Note that you can scale this idea beyond 10 states: make a row 2x64 bits, load both words, and mux between them. The BITS_PER_STATE is then 7 where the lower 6 bits are the shift amount and the 7th bit is the word selector, so you can fit 9 states per word and 18 states per row. But you leave the 1 byte/cycle sweet spot as soon as you add anything to the state-dependent logic (and the other bottlenecks will also assert themselves if you add much of anything). Concretely, just the TEST + CMOV you need for 2x64-bit rows adds 2 cycles to the critical path latency, so throughput is 1/3rd of a pure shift-based DFA. That said, the performance gap to a traditional table-based DFA is large enough that you can fit a few loads and muxes like this and still come out ahead, so your take-away shouldn't be that this general approach is totally useless beyond 10 states.
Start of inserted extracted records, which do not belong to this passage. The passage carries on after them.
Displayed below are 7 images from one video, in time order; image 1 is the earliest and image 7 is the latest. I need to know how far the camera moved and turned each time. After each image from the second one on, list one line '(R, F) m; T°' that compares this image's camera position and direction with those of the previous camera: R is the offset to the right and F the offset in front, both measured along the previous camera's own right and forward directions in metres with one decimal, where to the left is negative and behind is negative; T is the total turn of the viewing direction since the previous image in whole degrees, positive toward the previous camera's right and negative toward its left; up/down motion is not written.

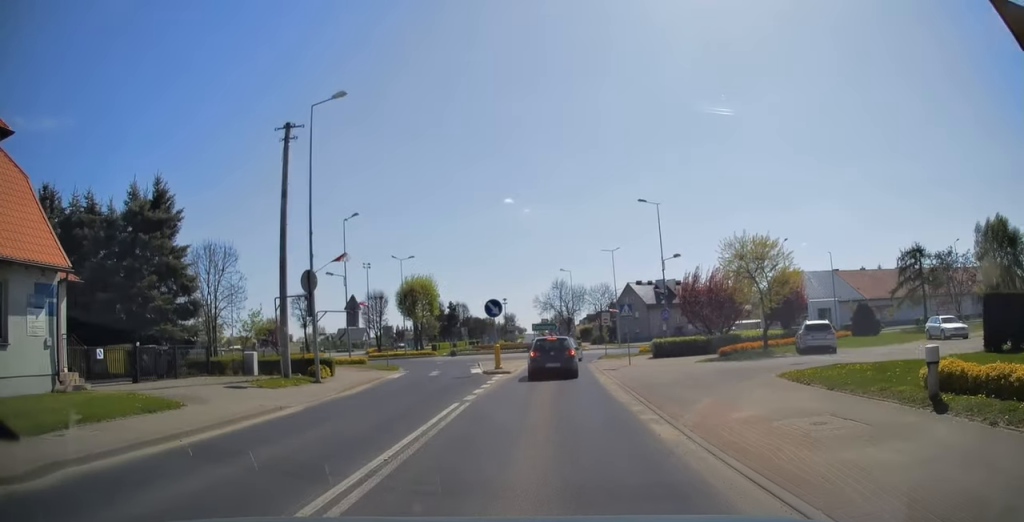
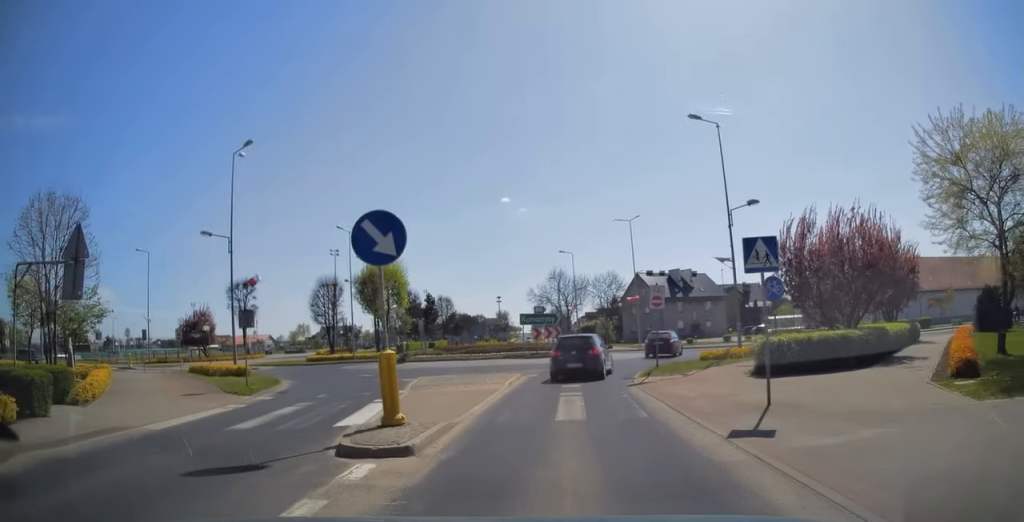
(-0.3, +17.6) m; +1°
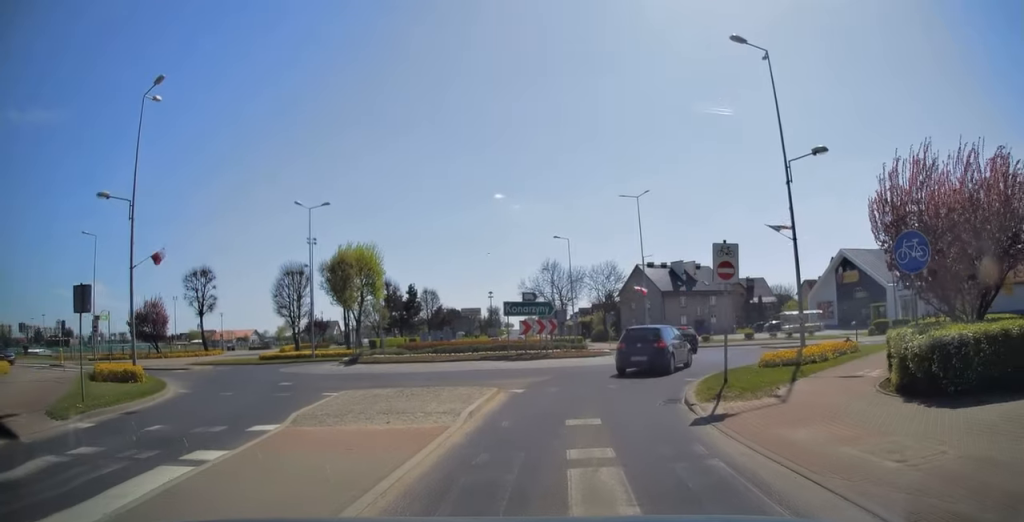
(+0.1, +7.7) m; +4°
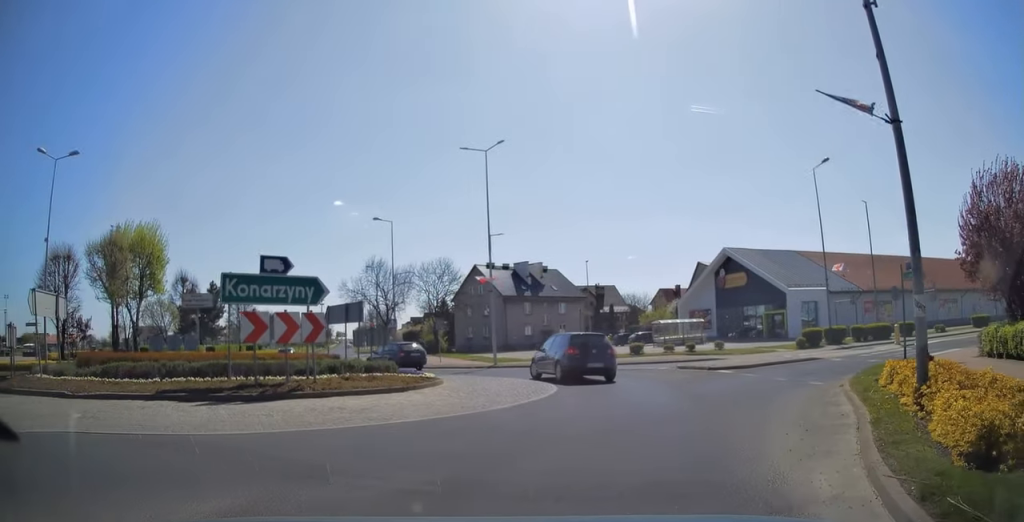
(+2.1, +13.3) m; +19°
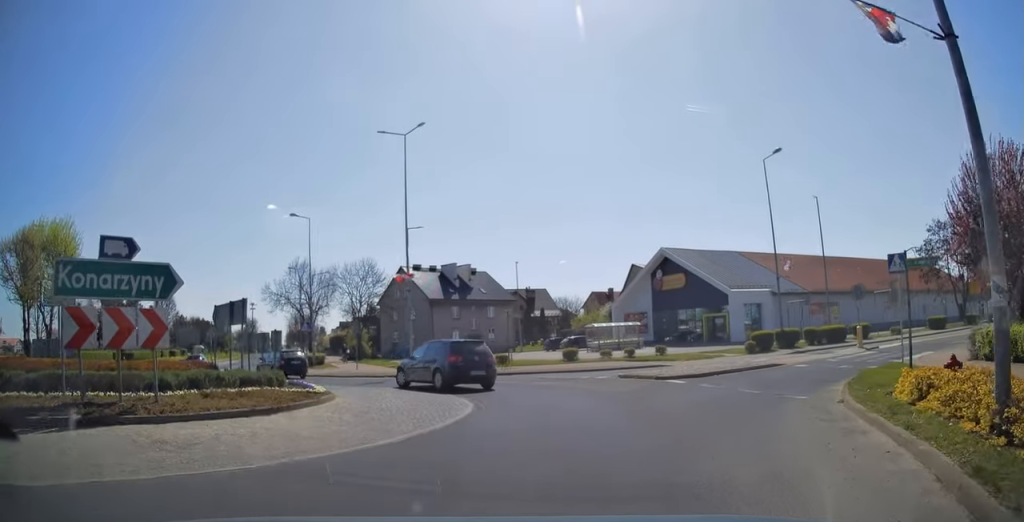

On Skylake where an L1 load with a complex addressing mode is 6 cycles and [rax + rbx] is considered complex, 3 cycles is still 2x faster. But on Zen 3 where an L1 load with a simple addressing mode is only 4 cycles and [rax + rbx] is considered simple, 3 cycles is not very compelling given the limitations.

Background: To the best of my knowledge the single-cycle shift-based DFA is original work [1], but presented in this manner I hope it seems obvious to you in hindsight. The idea of separating the input-dependent and state-dependent latencies in the state update is known to SIMD hackers (e.g. Geoff Langdale used it in Hyperscan), and that was the main inspiration: you load the row as a vector and then use PSHUFB, VTBL and similar instructions to do the column selection. The 1 byte/cycle version of a PSHUFB-based DFA is limited to 16 states. Since PSHUFB/VTBL is vectorized it also allows for other tricks based on parallel-prefix circuits you can't do with the shift-based scalar technique, but you run into the same max loads/cycle wall. The input bytes can be loaded in groups of 8 using a single load and then bitwise extracted from there. The extra overhead of the bitwise extraction was too high on x86 to be a net win when I tried it, but we got to 2.3 bytes/cycle with a parallel-prefix VTBL-based DFA (my initial version was 1.5 bytes/cycle and @dougallj and I eventually pushed it to 2.3) on an M1 Firestorm perf core in the new Macs (and since VTBL is high latency compared to PSHUFB you need the latency hiding from parallel-prefix windowing just to reach 1 byte/cycle): https://twitter.com/pervognsen/status/1365170848215142400

[1] I first tweeted about it here: https://twitter.com/pervognsen/status/1364164150843252736. If you're interested there's a discussion in the tweet thread where some of the initial refinement happened and a bunch of extensions were explored. Travis Downs pointed out that you can do 16 states using BITS_PER_STATE = 4 if you're okay with 2 cycles/byte: https://twitter.com/trav_downs/status/1366524409196912641. This is strictly better than the 3 cycles/byte 2-to-1 row mux except in the edge case where you need 17 or 18 states and 16 won't do. And at 2 cycles/byte it's a big win even on machines with lower L1 latency like Zen 3. Another sub-thread discusses the fact that with the single-cycle version you can support a restricted 11th state. You only have 4 bits left after 10 * 6 bits for the 10 states, so you can only support outgoing edges from the 11th state to three other states (assuming you're using a logical right shift) with the premultiplied values 0, 6, 12. Since you have the freedom to permute the state numbers, you can make the 11th state be any state that only connects to 3 other states. And in some special cases you can squeeze extra juice from the algorithm by using an arithmetic right shift to perform bit smearing. Go through the linked twitter threads for more ideas/details.

@waffleboot
Copy link

I don't understand phrase 'First, instead of encoding the state sequentially as 0, 1, 2, etc, we are going to pre-multiply by BITS_PER_STATE'. "state" is still masked by BITS_PER_STATE bits. It looks like we shift only lower bits of rows. For example, if BITS_PER_STATE = 4 and last octet in row has value 0101 (decimal 5, meaning translation initial zero state to state 5) then we will see next state 5 and on the next iteration are we going to shift next step row to 5 bits?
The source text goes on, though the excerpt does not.